1.3 Circadian Rhythms Occur Throughout the Body: Extra-SCN Tissue-Specific Clocks

In addition to the central clock in the SCN, individual organs and cells outside the SCN rhythmically express core clock genes. These are termed peripheral or extra-SCN tissue-specific clocks. Individual cells contain autonomous clocks; importantly, all cells work in concert to time the occurrence of physiological events optimally. The SCN regulates peripheral clocks both through indirect and direct means. Direct regulation of peripheral processes by the SCN are evoked by neural or humoral signaling (e.g., Mohawk et al., 2012; Ramanathan et al., 2018). Indirectly, the SCN regulates the peripheral clocks via neural and humoral signaling factors, as well as by modulating the expression of circadian clock genes. For example, the SCN regulates secretion of hormonal cues that synchronize extra-SCN clocks, such as melatonin and glucocorticoids. Glucocorticoids are hormones released by the adrenal gland, and act via the glucocorticoid receptor in nearly all cells to regulate gene expression. Upon binding the cytosolic glucocorticoid receptor, the ligand-receptor complex enters the nucleus and binds to glucocorticoid response elements on DNA to activate or repress gene expression. Importantly, at baseline there are circadian rhythms in glucocorticoid levels and several circadian genes have glucocorticoid response elements in their regulatory regions (Reddy et al., 2007). Application of glucocorticoids to isolated cells can induce Per gene expression and thus serves as an important factor for regulating extra-SCN clocks (Balsalobre et al., 2000; Fonken et al., 2015).

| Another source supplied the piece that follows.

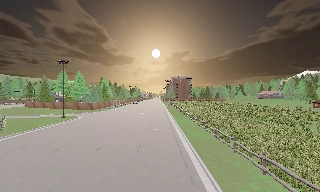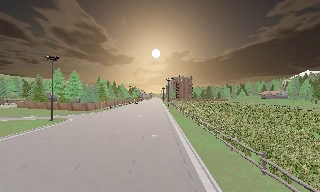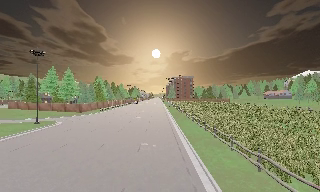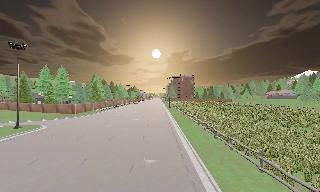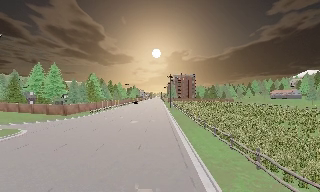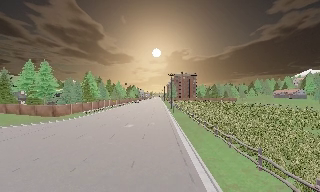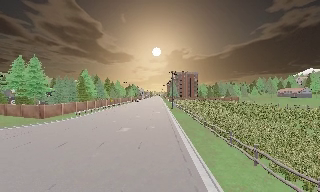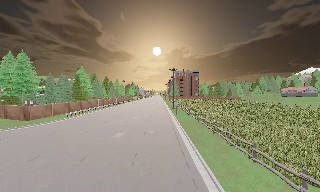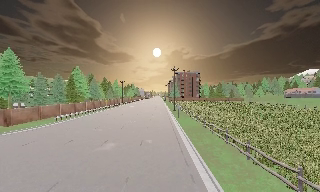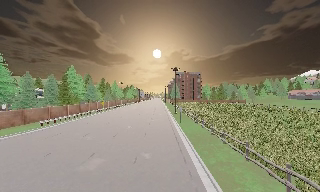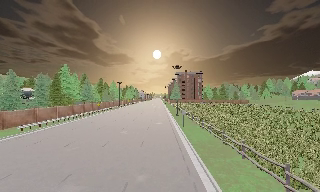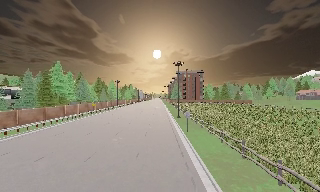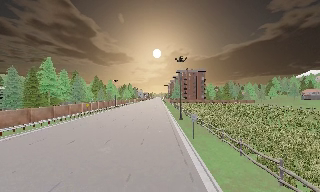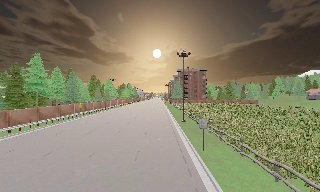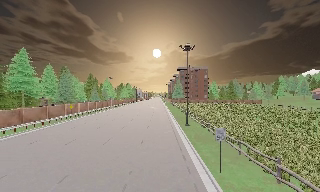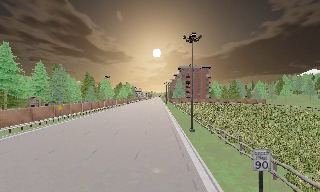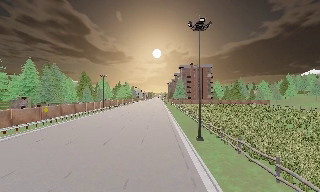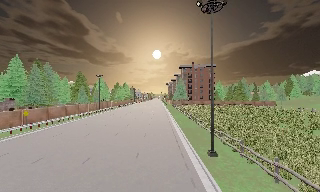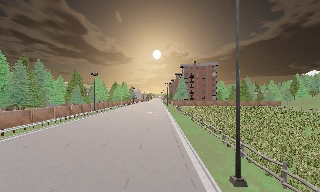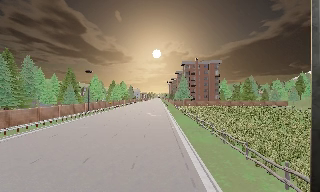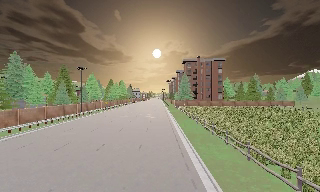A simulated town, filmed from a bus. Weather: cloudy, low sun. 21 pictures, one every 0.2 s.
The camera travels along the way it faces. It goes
forward.
0.0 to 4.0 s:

In addition, physiologic cues coordinate or amplify circadian rhythms in extra-SCN cells; these cues include body temperature, feeding, and activity (Schibler et al., 2015). These neural, humoral, and physiologic factors are sensitive to entrainment by the SCN – but they are also regulated by other systemic factors (S. Zhang et al., 2020).

External events, such as food intake (Damiola et al., 2000) and physical exercise (Ripperger & Schibler, 2001), can indirectly reset peripheral clock rhythms in the liver and elsewhere (Chen et al., 2019; Landgraf et al., 2015). For example, restricting food intake to certain times of day (time-restricted feeding or TRF) can uncouple the SCN and extra-SCN clocks (Damiola et al., 2000). Indeed, timing of food intake strongly regulates the liver clock (Hatori et al., 2012) as well as cardiovascular function (see Chapter 11). Another mechanism of SCN-mediated peripheral clock regulation is by direct modulation of the autonomic nervous system, as described in Section 1.4.

Importantly, synchronizing clock gene expression in these extra-SCN tissues coordinates transcriptional programming of clock-controlled genes (Mavroudis et al., 2018). This means that myriad cellular functions are governed by the clock in peripheral tissues and also suggests that, during pathology, these intermediary circadian synchronizers may be susceptible to harmful perturbation that could desynchronize circadian oscillators. The remainder of this chapter will introduce circadian regulation of several major body systems; specific chapters in this book will then review clock disruption-elicited pathology in these systems.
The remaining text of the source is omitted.